McGrue swept his greasy hair into a ponytail, then opened up the cardboard folder that The Ghost had sent to him. A sheaf of A4 papers with descriptions and details of their day-to-day lives. It was more thorough than any file he’d ever been given. It even told him what their favourite breakfast cereals were. At the back of the papers were two photos. One was of a young, slightly tubby child of twelve whose name was Colm. The other was of an older child, the boy’s cousin. His name was Michael.

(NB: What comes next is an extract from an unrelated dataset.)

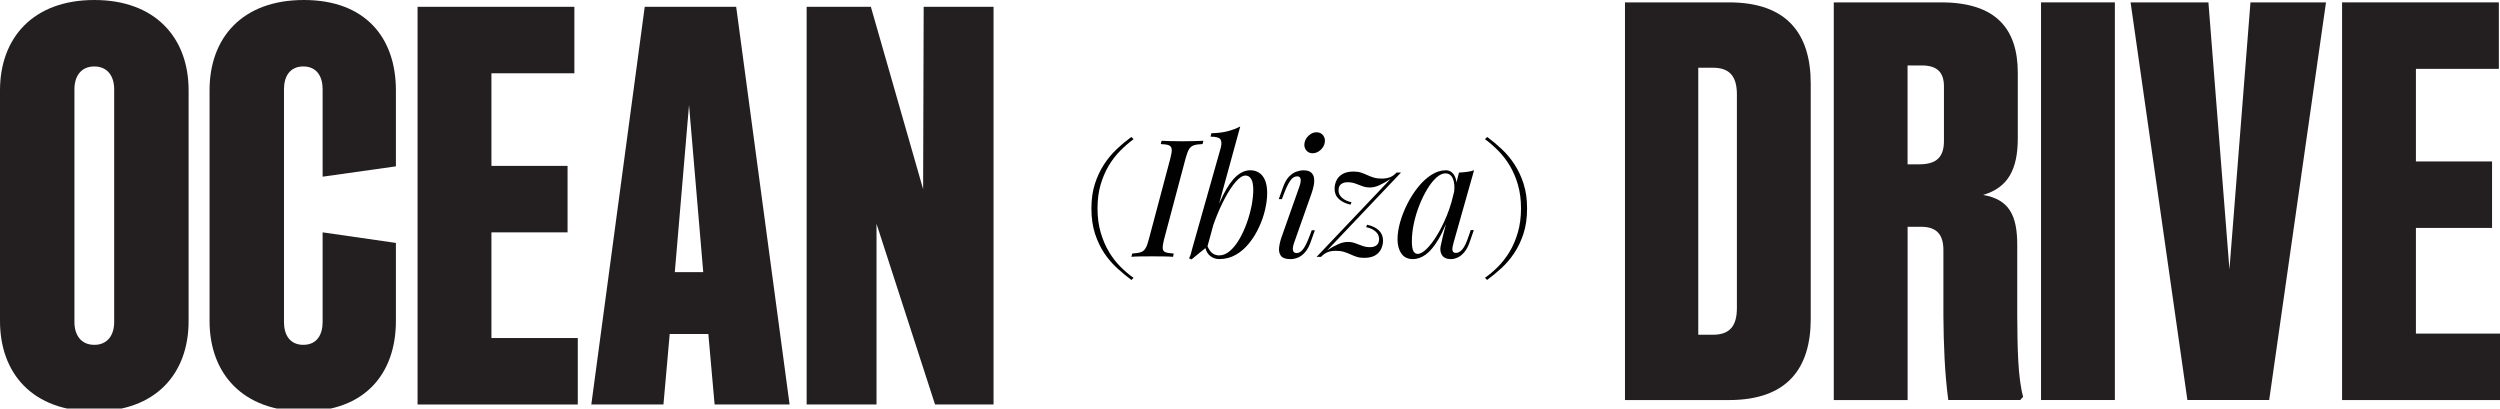 <?xml version="1.0" encoding="UTF-8"?> <svg xmlns="http://www.w3.org/2000/svg" id="Layer_1" version="1.1" viewBox="0 0 631.47 103.19"><defs><style> .st0 { fill: #010101; } .st1 { fill: #231f20; } </style></defs><path class="st1" d="M0,22.82C0,9.47,8.47,0,23.82,0s23.82,9.47,23.82,22.82v58.26c0,13.34-8.32,22.82-23.82,22.82S0,94.42,0,81.07V22.82ZM23.82,87.1c3.44,0,5.02-2.58,5.02-5.74V22.53c0-3.16-1.58-5.74-5.02-5.74s-5.02,2.58-5.02,5.74v58.83c0,3.16,1.58,5.74,5.02,5.74Z"></path><path class="st1" d="M52.93,22.82c0-13.35,8.32-22.82,23.82-22.82s23.25,9.47,23.25,22.82v19.2l-18.51,2.61v-22.1c0-3.16-1.44-5.74-4.88-5.74s-4.88,2.58-4.88,5.74v58.83c0,3.16,1.44,5.74,4.88,5.74s4.88-2.58,4.88-5.74v-22.67l18.51,2.67v19.72c0,13.34-7.89,22.82-23.25,22.82s-23.82-9.47-23.82-22.82V22.82Z"></path><path class="st1" d="M105.48,1.72h39.6v16.79h-20.95v23.39h19.23v16.79h-19.23v26.69h21.81v16.79h-40.47V1.72Z"></path><path class="st1" d="M162.85,1.72h23.1l13.49,100.44h-18.94l-1.58-17.79h-9.76l-1.58,17.79h-18.22L162.85,1.72ZM177.63,68.73l-3.59-42.19-3.59,42.19h7.17Z"></path><path class="st1" d="M203.76,1.72h16.21l13.2,46.06.14-46.06h17.65v100.44h-14.78l-14.78-45.63v45.63h-17.65V1.72Z"></path><path class="st1" d="M410.45.6h26.26c14.64,0,20.66,7.89,20.66,20.52v59.41c0,12.63-6.03,20.52-20.66,20.52h-26.26V.6ZM432.69,84.55c4.16,0,6.03-2.15,6.03-6.74V23.85c0-4.59-1.87-6.74-6.03-6.74h-3.73v67.44h3.73Z"></path><path class="st1" d="M463.18.6h27.12c13.78,0,19.37,6.6,19.37,17.79v16.5c0,7.89-2.44,12.48-8.75,14.35,6.6,1.15,8.61,5.17,8.61,12.63v18.04c.06,7.74.14,15.45,1.49,20.32l-.74.81h-18.17c-.94-7.12-1.16-14.14-1.23-21.13v-16.75c0-3.59-1.43-5.88-5.6-5.88h-3.44v43.77h-18.65V.6ZM484.85,41.5c4.45,0,6.17-2.01,6.17-5.88v-13.78c0-3.44-1.58-5.31-5.6-5.31h-3.59v24.97h3.01Z"></path><path class="st1" d="M534.19.6v100.44h-18.65V.6h18.65Z"></path><path class="st1" d="M557.82.6l5.31,67.44,5.31-67.44h19.08l-14.35,100.44h-20.66L538.16.6h19.66Z"></path><path class="st1" d="M591.58.6h39.6v16.79h-20.95v23.39h19.23v16.79h-19.23v26.69h21.81v16.79h-40.46V.6Z"></path><path class="st0" d="M280.14,63.65c-.87-1.42-1.57-3.05-2.11-4.89s-.81-3.87-.81-6.11.26-4.2.77-5.96c.51-1.77,1.19-3.36,2.03-4.78.84-1.42,1.81-2.69,2.92-3.81,1.1-1.12,2.24-2.1,3.39-2.96l-.58-.54c-1.27.94-2.51,1.97-3.71,3.11-1.2,1.13-2.27,2.42-3.21,3.87-.94,1.45-1.7,3.08-2.28,4.89-.58,1.81-.87,3.87-.87,6.19s.3,4.53.91,6.38c.61,1.85,1.39,3.48,2.34,4.91.95,1.42,2.04,2.68,3.25,3.79,1.21,1.1,2.42,2.1,3.6,2.98l.54-.54c-1.1-.77-2.19-1.7-3.27-2.77-1.08-1.08-2.05-2.33-2.92-3.75Z"></path><path class="st0" d="M301.56,36.7c.52-.18,1.26-.28,2.19-.31l.21-.83c-.66.03-1.47.06-2.42.08-.95.03-1.91.04-2.88.04-1.08,0-2.08-.01-3.02-.04-.94-.03-1.68-.06-2.24-.08l-.21.83c.94.03,1.62.13,2.05.31.43.18.67.51.72.99.05.48-.06,1.24-.33,2.26l-5.46,20.53c-.25.99-.52,1.74-.83,2.24-.3.5-.71.83-1.22.99-.51.17-1.22.28-2.13.33l-.21.83c.61-.06,1.37-.09,2.28-.1.91-.01,1.9-.02,2.98-.02.97,0,1.92,0,2.88.02.95.01,1.75.05,2.38.1l.16-.83c-.94-.06-1.63-.17-2.07-.33-.44-.17-.68-.5-.7-.99-.03-.5.08-1.24.33-2.24l5.46-20.53c.28-1.02.56-1.77.85-2.26.29-.48.7-.81,1.22-.99Z"></path><path class="st0" d="M318.93,44.46c-.79-.97-1.83-1.45-3.13-1.45-1.21,0-2.38.5-3.5,1.49-1.12.99-2.24,2.59-3.35,4.78-.34.67-.68,1.4-1.03,2.19l5.35-19.52c-1.02.52-2.11.93-3.27,1.22-1.16.29-2.5.45-4.02.48l-.21.87c1.35,0,2.18.22,2.48.66.3.44.35,1.13.12,2.07l-7.24,25.59c-.08.41-.19.82-.31,1.22-.12.4-.28.79-.48,1.18l.62.29c.66-.55,1.33-1.1,1.99-1.64.51-.41,1.02-.82,1.52-1.22.23.88.65,1.56,1.27,2.03.65.5,1.39.74,2.21.74,1.55,0,2.95-.37,4.22-1.1,1.27-.73,2.39-1.71,3.37-2.94.98-1.23,1.81-2.57,2.48-4.04.68-1.46,1.19-2.94,1.53-4.43.34-1.49.52-2.86.52-4.1,0-1.96-.39-3.42-1.18-4.39ZM316.12,52.02c-.29,1.48-.7,2.95-1.24,4.43-.54,1.48-1.17,2.82-1.88,4.04-.72,1.22-1.51,2.19-2.36,2.92-.86.73-1.75,1.1-2.69,1.1-.69,0-1.29-.21-1.8-.62-.43-.35-.81-.91-1.15-1.68l1.47-5.38c.13-.35.25-.71.38-1.06.81-2.15,1.68-4.09,2.61-5.82.92-1.73,1.84-3.09,2.73-4.1.9-1.01,1.7-1.51,2.42-1.51.61,0,1.08.3,1.43.89.35.59.52,1.5.52,2.71s-.15,2.6-.43,4.08Z"></path><path class="st0" d="M331.54,38.71c.72,0,1.37-.26,1.97-.79.59-.52.96-1.14,1.1-1.86.14-.72,0-1.34-.39-1.86-.4-.52-.96-.79-1.68-.79s-1.33.26-1.93.79c-.59.52-.96,1.15-1.1,1.86-.14.72,0,1.34.39,1.86.4.52.94.79,1.64.79Z"></path><path class="st0" d="M330.75,59.7c-.61,1.6-1.16,2.71-1.66,3.31-.5.61-1.02.91-1.57.91-.52,0-.83-.23-.93-.68-.1-.46,0-1.08.27-1.88l4.43-12.54c.22-.63.4-1.29.54-1.97.14-.68.16-1.3.08-1.88-.08-.58-.33-1.05-.75-1.41-.41-.36-1.06-.54-1.95-.54-.55,0-1.15.12-1.8.35-.65.24-1.26.66-1.84,1.26-.58.61-1.08,1.49-1.49,2.65l-1.08,3.02h.79l.58-1.53c.55-1.44,1.08-2.5,1.57-3.19.5-.69,1.06-1.04,1.7-1.04.97,0,1.16.86.58,2.57l-4.43,12.54c-.36.99-.59,1.93-.7,2.82-.11.88.04,1.6.46,2.15.41.55,1.21.83,2.4.83.63,0,1.27-.13,1.9-.39.63-.26,1.23-.7,1.78-1.33.55-.62,1.02-1.47,1.41-2.55l1.08-3.02h-.79l-.58,1.53Z"></path><path class="st0" d="M345.32,56.76l-.25.62c.97.19,1.75.55,2.36,1.08.61.52.91,1.16.91,1.9,0,.69-.2,1.21-.6,1.55-.4.35-.96.52-1.68.52s-1.34-.11-1.95-.33c-.61-.22-1.2-.44-1.78-.66-.58-.22-1.2-.33-1.86-.33-.39,0-.77.04-1.14.12-.37.08-.77.21-1.18.39-.41.18-.86.4-1.35.66-.48.26-1.01.59-1.59.97l18.67-19.67h-1.12c-.58.61-1.17,1.01-1.76,1.22-.59.21-1.25.31-1.97.31-.8,0-1.49-.09-2.07-.27-.58-.18-1.12-.39-1.62-.62-.5-.23-1.01-.44-1.55-.62-.54-.18-1.17-.27-1.88-.27-1.16,0-2.09.21-2.8.62-.7.41-1.21.95-1.53,1.62-.32.66-.48,1.37-.48,2.11,0,1.05.35,1.9,1.06,2.57.7.66,1.69,1.15,2.96,1.45l.25-.62c-.94-.19-1.72-.55-2.34-1.08-.62-.52-.93-1.16-.93-1.9s.21-1.24.62-1.57c.41-.33.97-.5,1.66-.5s1.37.11,1.97.33c.59.22,1.18.44,1.76.66.58.22,1.2.33,1.86.33.39,0,.77-.04,1.14-.12.37-.08.77-.21,1.18-.39.41-.18.86-.41,1.35-.68.48-.28,1.01-.59,1.59-.95l-18.67,19.67h1.12c.58-.61,1.17-1.01,1.76-1.22.59-.21,1.25-.31,1.97-.31.8,0,1.49.09,2.07.27.58.18,1.12.39,1.62.62.5.23,1.01.44,1.55.62.54.18,1.17.27,1.88.27,1.19,0,2.12-.21,2.82-.62.69-.41,1.19-.96,1.51-1.64.32-.68.48-1.37.48-2.09,0-1.05-.35-1.91-1.06-2.59-.7-.68-1.69-1.15-2.96-1.43Z"></path><path class="st0" d="M370.95,59.66c-.52,1.6-1.05,2.71-1.57,3.31-.52.61-1.06.91-1.61.91-.47,0-.75-.17-.85-.5-.1-.33-.1-.7,0-1.1.1-.4.17-.72.23-.97l5.18-18.3c-.55.19-1.16.33-1.82.41-.66.08-1.32.14-1.99.17l-.64,2.53c-.05-.65-.21-1.21-.46-1.68-.51-.95-1.25-1.43-2.22-1.43-1.24,0-2.46.39-3.66,1.16-1.2.77-2.31,1.79-3.33,3.06-1.02,1.27-1.93,2.68-2.71,4.22-.79,1.55-1.4,3.1-1.84,4.66-.44,1.56-.66,3-.66,4.33,0,1.46.32,2.66.97,3.6.65.94,1.62,1.41,2.92,1.41,1.1,0,2.19-.39,3.27-1.18,1.08-.79,2.14-2.07,3.19-3.85.63-1.06,1.25-2.33,1.88-3.8l-.76,2.99c-.22.86-.41,1.7-.58,2.55-.17.84-.07,1.58.29,2.21.44.72,1.2,1.08,2.28,1.08.55,0,1.12-.13,1.7-.39.58-.26,1.14-.7,1.68-1.33.54-.62,1-1.48,1.39-2.59l1.04-3.02h-.79l-.5,1.53ZM365.4,54.56c-.75,1.82-1.56,3.45-2.44,4.89-.88,1.44-1.75,2.57-2.61,3.42-.86.84-1.61,1.26-2.28,1.26-.44,0-.79-.23-1.06-.7-.26-.47-.39-1.3-.39-2.48,0-1.46.17-2.99.52-4.58.34-1.59.81-3.13,1.41-4.62.59-1.49,1.26-2.84,1.99-4.04.73-1.2,1.49-2.15,2.28-2.86.79-.7,1.54-1.06,2.26-1.06.88,0,1.52.45,1.9,1.35.36.83.46,1.9.33,3.21l-.68,2.69c-.35,1.2-.75,2.37-1.22,3.52Z"></path><path class="st0" d="M384.86,46.47c-.58-1.81-1.34-3.44-2.28-4.89-.94-1.45-2.01-2.74-3.21-3.87-1.2-1.13-2.44-2.17-3.71-3.11l-.58.54c1.16.86,2.29,1.84,3.39,2.96,1.1,1.12,2.08,2.39,2.92,3.81.84,1.42,1.52,3.02,2.03,4.78.51,1.77.77,3.75.77,5.96s-.27,4.27-.81,6.11c-.54,1.84-1.24,3.46-2.11,4.89-.87,1.42-1.84,2.67-2.92,3.75-1.08,1.08-2.17,2-3.27,2.77l.54.54c1.21-.88,2.42-1.88,3.62-2.98,1.2-1.1,2.28-2.37,3.23-3.79.95-1.42,1.73-3.06,2.34-4.91.61-1.85.91-3.97.91-6.38s-.29-4.38-.87-6.19Z"></path></svg>

All McGrue had to do was grab them and deliver them to a specified location if the other people who were tracking them failed. Do that and his mother’s lodgings would be secure for the next thirty-six months. He wasn’t too happy about the idea of delivering children into the clutches of a man who had to be up to no good, but what happened to them after he had done his job wasn’t his problem, he reasoned, dismissing any feelings of guilt that might have been bubbling under the surface. No, it was just another job to be done. A conscience wasn’t something you needed as a bounty hunter – he’d leave the agonising about right and wrong to priests and philosophers. However, he hoped that when he found them they wouldn’t put up a fight. He didn’t want to hurt them, but if he needed to then he would. He wouldn’t hesitate for a second.
Seven
Number 64 Sea View Crescent was the second to last house in a narrow cul de sac that afforded a view of the sea only to those with access to an extension ladder and a pair of binoculars. Even though it was on the far side of the green, Ziggy’s house was almost identical to Colm’s: an uninspiring, faded-yellow, semi-detached home with a narrow strip of grass in the front. All the houses on the estate – and there were hundreds – were yellow and practically indistinguishable from one another, which made it difficult for any visitors to find the house they were looking for, especially since local vandals had taken to twisting the road signs until they pointed in the wrong direction. Pizza delivery men and women could often be seen driving aimlessly around the roads of the Riverwood estate with a haunted look in their eyes and rapidly cooling pizzas in the back of their cars.